Most polls show independents breaking more heavily to Republican candidates. But as there are more registered Democrats than Republicans, the party believes it can win some races, or at least minimize losses, by closing the so-called enthusiasm gap - polling that shows Republicans more intent on voting than Democrats.

"There are a number of states where closing the enthusiasm gap is the best way to get a candidate to 50 percent plus one," Jeremy Bird, executive director of Organizing for America, said Friday.

Penn Action, a state liberal group, has targeted the competitive Eighth District House race, where Democratic Rep. Patrick J. Murphy faces a stiff challenge from the Republican he beat four years ago, former Rep. Michael Fitzpatrick. It was spending $50,000 to contact 20,000 infrequent Democratic voters in person and by phone.

Republicans have their own efforts, bolstered by activists from the tea party movement, who are motivated by anger at federal spending and the expansion of government power, such as the health-care law.

Though Democratic officials say they have done as well as or better than the GOP in states where early voting is allowed, the absentee-ballot count in Pennsylvania favors the GOP.

According to the Secretary of State's Office, 53,226 absentee ballots have been returned by registered Republicans in Pennsylvania, compared with 37,631 by registered Democrats. Republicans have returned 67 percent of the absentee ballots they requested, compared with 55 percent for Democrats.

The state of play is a turnaround for Pennsylvania, which has trended blue over the last decade. Since 2002, state voters have gone with the Democrat in all the major races, picking Gov. Rendell and Sen. Bob Casey, and backing Democratic presidential nominees John Kerry in 2004 and Obama in 2008.

In last week's Franklin and Marshall College poll, 62 percent of likely voters who supported Toomey said they were motivated by opposition to Obama, while 48 percent of Sestak backers said they wanted to register support for the president.

"It's a completely negative election - people are motivated to vote against rather than for," said Lara Brown, political science professor at Villanova University. "The reason polls in a lot of races are widening and then narrowing and widening is because any time somebody gets a lead, the partisans on the opposite side get all riled up."

The Gallup Poll, a reliable predictor of midterm results for 60 years, found last week that Republicans had at least an 8-percentage-point enthusiasm advantage. It was 6 percent in 1994, when Republicans took 52 seats to seize control of the U.S. House for the first time in four decades.

"It seems ludicrous, but Gallup hasn't been wrong," Brown said. "If it's right, we're looking at something none of us have ever seen, and the country hasn't seen since the 1890s."

In 1890, the Republicans lost 93 seats in the House, giving power to the Democrats.

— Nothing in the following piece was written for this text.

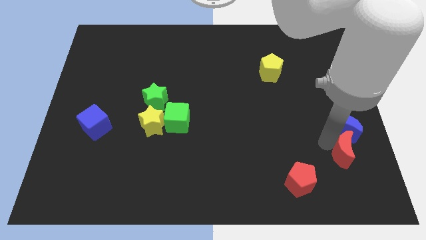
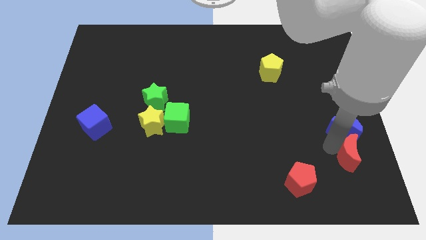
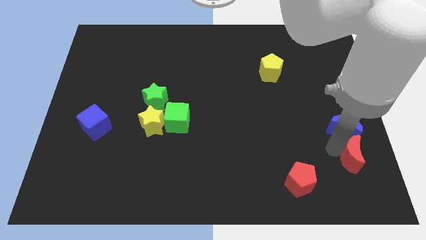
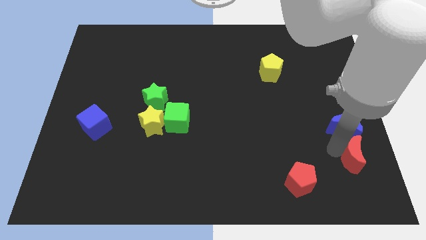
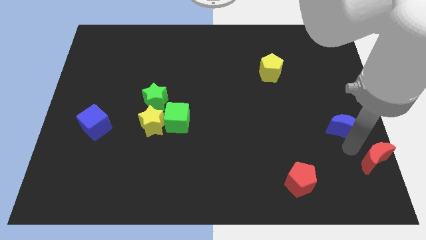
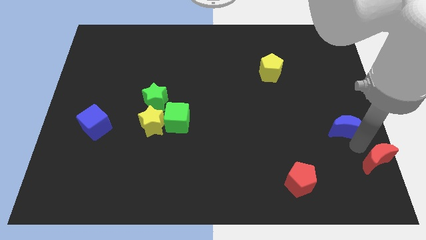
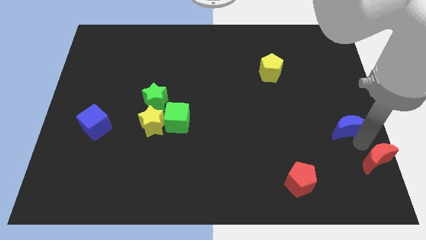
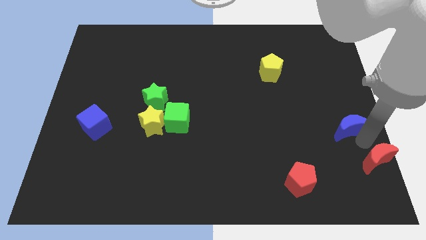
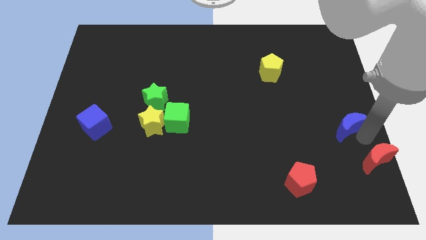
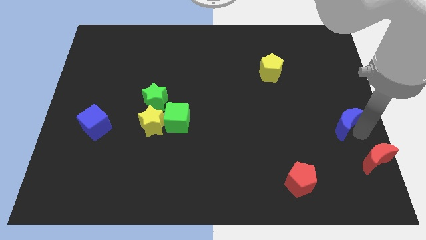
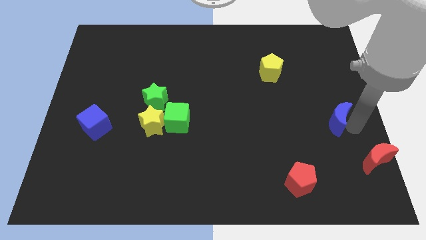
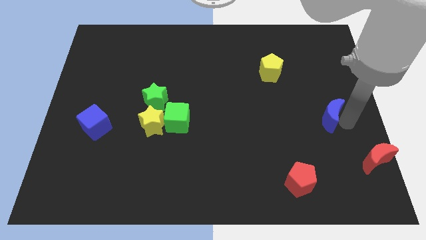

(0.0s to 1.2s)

Four years later, the Democrats lost 125.

If the GOP takes the House this year, it would be the third "change" election in a row - after 2006, when voters reacted against the Iraq war and GOP corruption scandals, and Democrats took back the House; and 2008, when voters elected the first African American president.

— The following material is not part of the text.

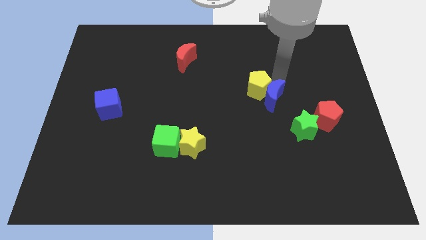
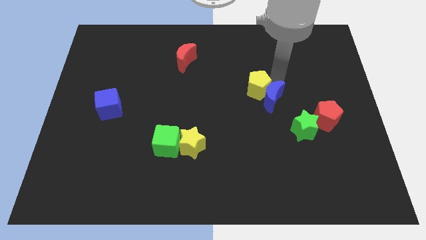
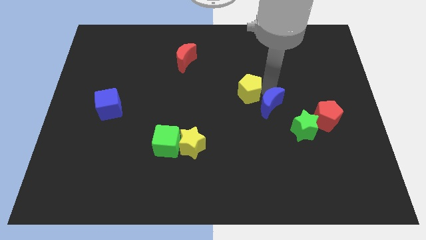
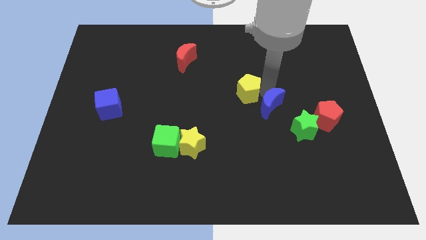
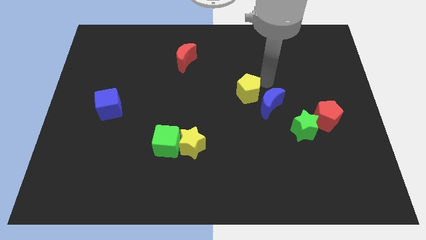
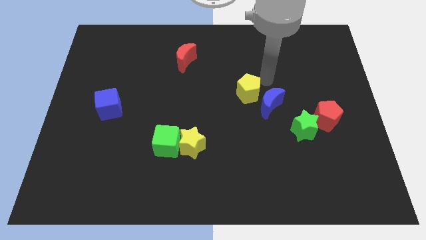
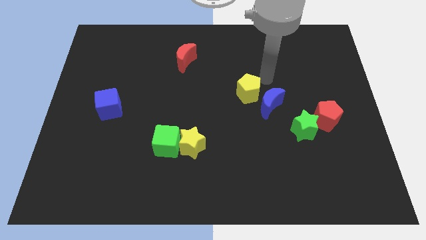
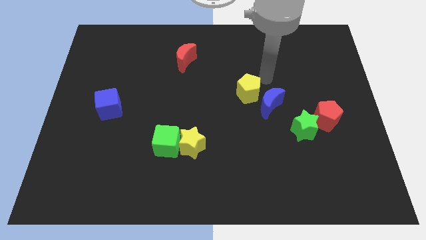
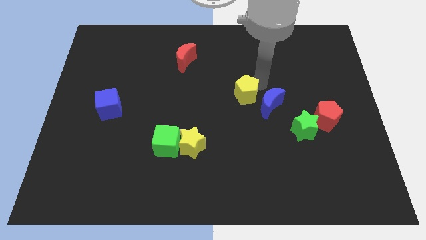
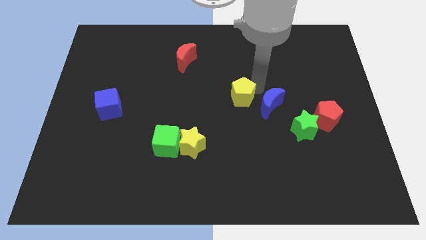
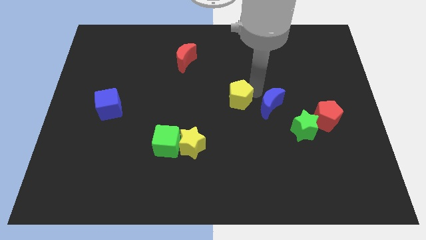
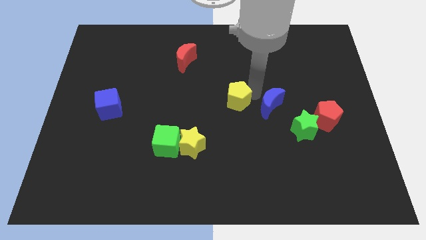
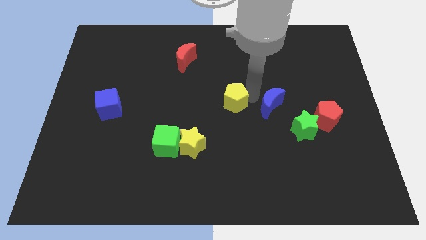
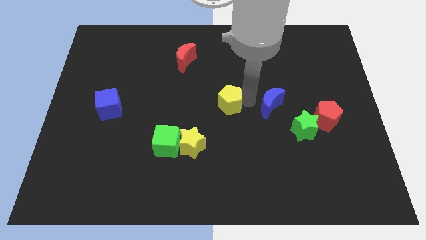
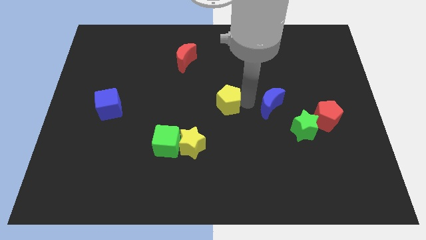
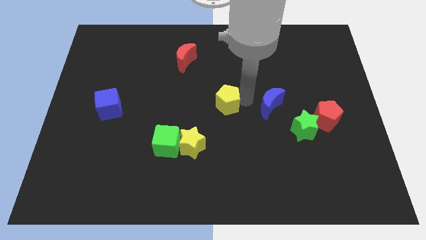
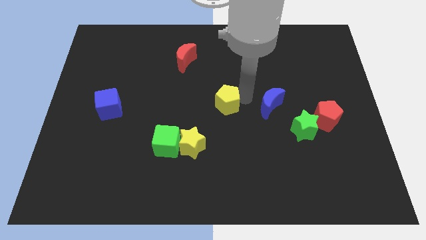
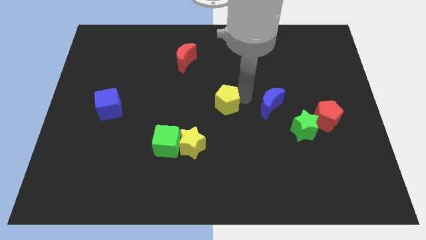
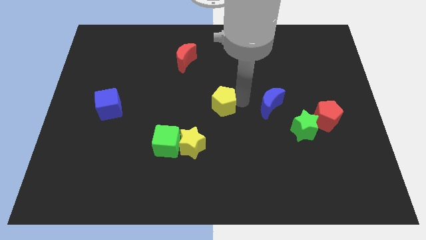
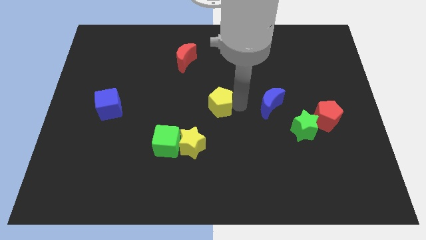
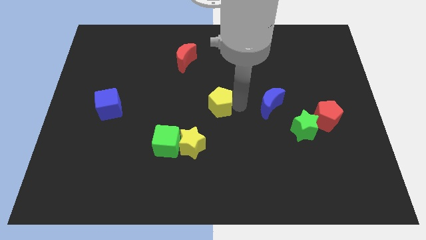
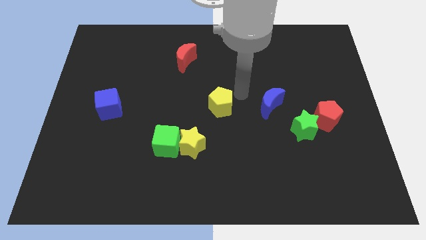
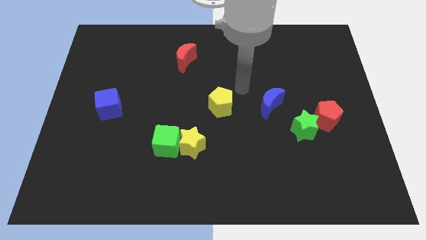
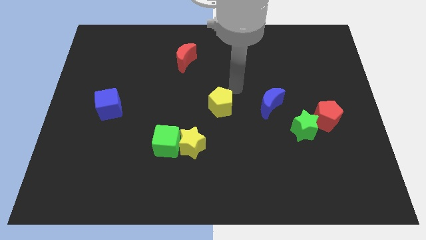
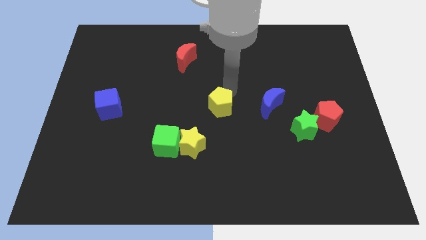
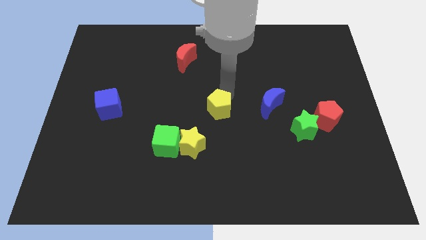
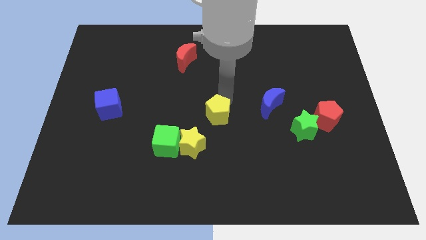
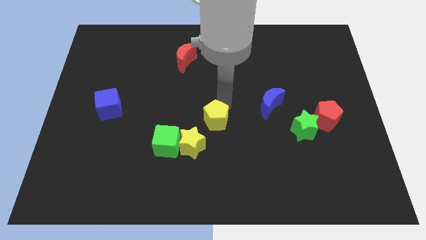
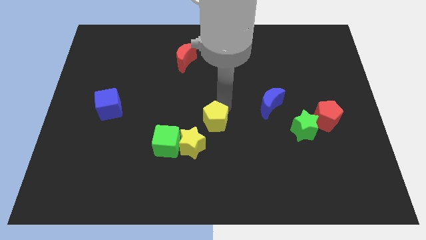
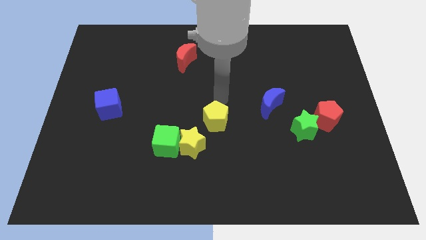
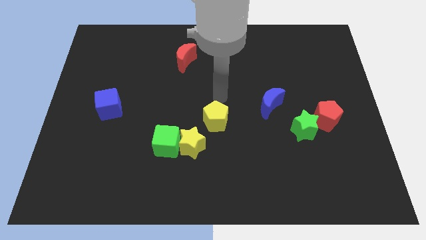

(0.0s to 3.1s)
slide yellow pentagon to the top right of yellow star

In a brutal irony of an election season marked by opposition to the policies of liberal Democrats, it is the moderate-to-conservative "Blue Dog" caucus of the party that stands to take the hit Tuesday.

Experts say that as many as half the 54 House Blue Dogs could lose, mostly because they won in marginal districts during the Democratic wave elections of 2006 and 2008 - districts that swing back to the right when the national mood is headed that way.

That would mean a smaller Democratic caucus of determined liberals. The Republicans would have their own problems, with up to 50 new tea party-style conservatives not inclined to compromise with the opposition.

"It will be interesting to see how conflicts between the tea partyers, with their libertarian strain, and the Republican leadership work out," said Jeff Brauer, political science professor at Keystone College. "The Republicans are going to have a coalition-type government."

And with probable rough parity in the Senate and the White House in Democratic hands, Brauer said, "there's not going to be a lot of legislation done in the next two years."

That, he said, may set up Obama well for his 2012 reelection bid.